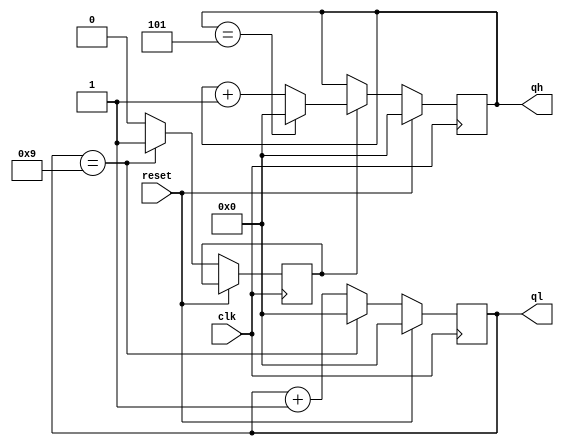
module JSQ(clk,qh,ql,reset);
input clk,reset;
output[3:0]qh,ql;
reg m;
reg [3:0] qh,ql;

always@ (posedge clk)

begin
if(reset ==1)
begin
ql <= 4'd0;
end
else if (ql == 4'd9)
begin
ql <= 4'd0;
m<= 1;
end
else
begin
 
 ql <= ql+1;
 m<=0;
 end
 end

 
always @(posedge clk) begin
if(reset ==1)
qh <= 4'd0;
    
 else if(m)
        if (qh == 4'd5) begin
            qh <= 4'd0;
            
        end
        else
        qh <= qh+1;
    end
    
endmodule
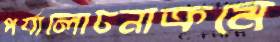
পর্যালোচনাক্রমে
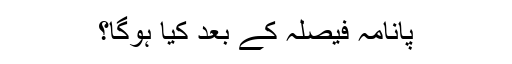
پانامہ فیصلہ کے بعد کیا ہوگا؟
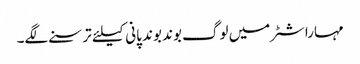
مہاراشٹر میں لوگ بوند بوند پانی کیلئے ترسنے لگے۔
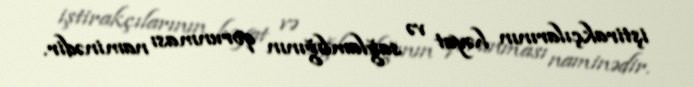
iştirakçılarının həyat və sağlamlığının qorunması naminədir.
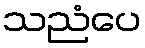
သညံပေ
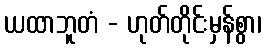
ယထာဘူတံ - ဟုတ်တိုင်းမှန်စွာ၊
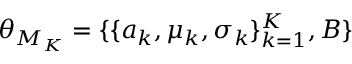
\theta _ { M _ { K } } = \{ \{ a _ { k } , \mu _ { k } , \sigma _ { k } \} _ { k = 1 } ^ { K } , B \}
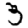
Digit: 3

════════

_What you have to do_.
Could you return all of the entries above exactly, without any images?

_Result of the exercise_.
module JSQ(clk,qh,ql,reset);
input clk,reset;
output[3:0]qh,ql;
reg m;
reg [3:0] qh,ql;

always@ (posedge clk)

begin
if(reset ==1)
begin
ql <= 4'd0;
end
else if (ql == 4'd9)
begin
ql <= 4'd0;
m<= 1;
end
else
begin
 
 ql <= ql+1;
 m<=0;
 end
 end

 
always @(posedge clk) begin
if(reset ==1)
qh <= 4'd0;
    
 else if(m)
        if (qh == 4'd5) begin
            qh <= 4'd0;
            
        end
        else
        qh <= qh+1;
    end
    
endmodule
পর্যালোচনাক্রমে
پانامہ فیصلہ کے بعد کیا ہوگا؟
مہاراشٹر میں لوگ بوند بوند پانی کیلئے ترسنے لگے۔
iştirakçılarının həyat və sağlamlığının qorunması naminədir.
သညံပေ
ယထာဘူတံ - ဟုတ်တိုင်းမှန်စွာ၊
\theta _ { M _ { K } } = \{ \{ a _ { k } , \mu _ { k } , \sigma _ { k } \} _ { k = 1 } ^ { K } , B \}
Digit: 3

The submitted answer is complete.